2. Çanakkale Kırsalında Ekoturizm İçin Uygun Arazi Türleri
Çanakkale ili kırsalında eko turizm faaliyetleri için genellikle aşağıdaki tür araziler uygunluk göstermektedir:
Marjinal Tarım Arazileri: Verimlilik bakımından düşük, tarım dışı amaçla kullanıma nispeten uygun tarla veya bağ/bahçe niteliğindeki araziler. Çanakkale’de özellikle tarıma elverişsiz kıraç tepeler, fundalık alanlar veya uzun süredir ekilmeyen nadasa bırakılmış topraklar ekoturizm için değerlendirilebilir. Bu tip araziler, hem köy yerleşimlerine yakın olabilir hem de tarım dışı izinler daha kolay alınabilir. Örneğin Kaz Dağları eteklerindeki veya Gelibolu yarımadasındaki zeytinlik dışı makilik araziler, tarım baskısının az olduğu alanlardır (yalnız 3573 sayılı Zeytinciliğin Islahı Kanunu kapsamında zeytinlik vasfına dikkat edilmelidir; zeytinlik alanlara tesis kurmak yasalarla kısıtlanmıştır). Marjinal arazilerde proje yapmak, tarım bütünlüğüne zarar vermeme ilkesine de uygundur.

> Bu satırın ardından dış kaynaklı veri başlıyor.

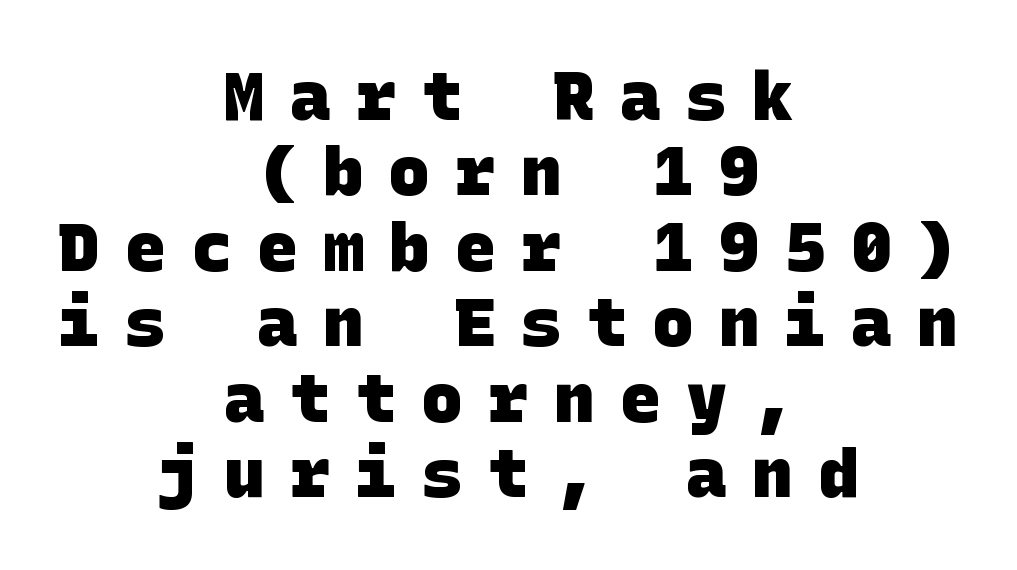
Q: Is the text bold? A: Yes.
Q: Is the typeface a serif or a sans-serif typeface? A: Sans-serif.
Q: Is the text underlined? A: No.
Q: How is the paragraph aligned? A: Centered.
Q: Is the spacing between letters normal or unusually wide? A: Unusually wide.
Q: Is the spacing between lines tight, normal or loose? A: Tight.
Q: Width (condensed, normal, or wide)? A: Normal.
Q: Stroke contrast? A: Low.
Q: x-height? A: Large.
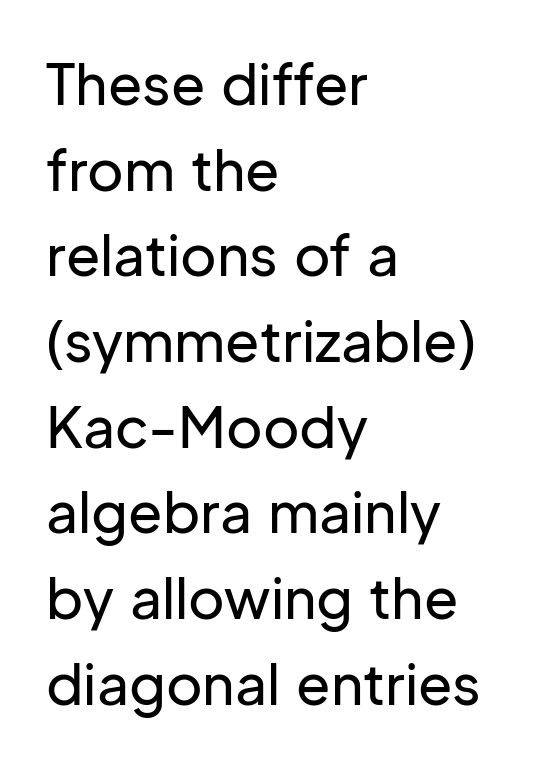
The horizontal fit of the characters is conventional and even. If you measured baseline to baseline, you'd find a middling distance. Notice how the stems are strictly vertical — no italics here. Each letter keeps its own natural width here, so spacing adapts to shape.
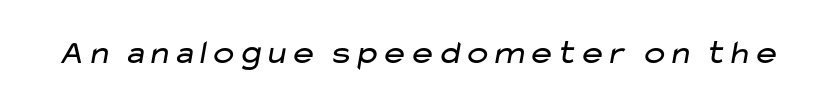
The area under the type is left untouched. Nobody touched the tracking dial on this one. The strokes are not fattened; the text isn't bold. The font family rendered here belongs to the sans-serif group.
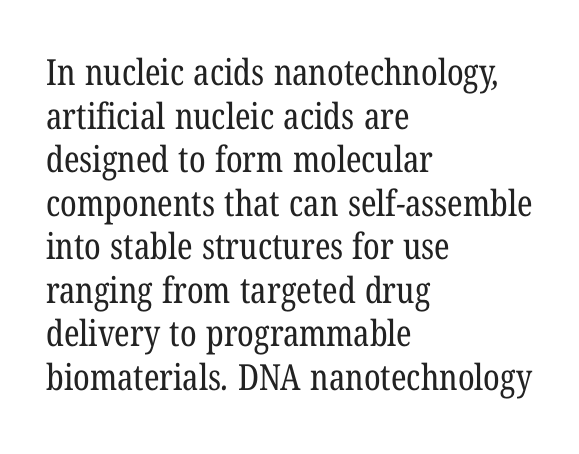
This sample uses a serif face. Is this a fixed-width face? No — the glyphs have proportional, varying widths. Lines of text with bare space underneath. In terms of letterspacing, this is plain default setting.

Mera ve Otlak Arazileri: Eğer proje alanı olarak düşünülüyorsa, mera vasfındaki araziler özel bir duruma sahiptir. 4342 sayılı Mera Kanunu’na göre meraların tahsis amacı değişikliği Tarım ve Orman Bakanlığı’nın iznine ve mera komisyonu kararına bağlıdır. Genel olarak, aktif kullanılan meralar korunduğu için, mera statüsündeki bir alanı ekoturizme çevirmek zorlu bir bürokratik süreçtir ve mera vasfının kaldırılması ile ancak mümkün olabilir (kaldırılan mera için eşdeğer yeni mera tesisi veya bedel ödenmesi gerekebilir). Bu nedenle mera alanları tercih sıralamasında düşüktür; ancak kullanım dışı kalmış, etrafı çevrili ve tarım arazisine dönüştürülmeye uygun eski meralar, resmi izinle Hazine arazisine çevrilip projeye dahil edilebilir.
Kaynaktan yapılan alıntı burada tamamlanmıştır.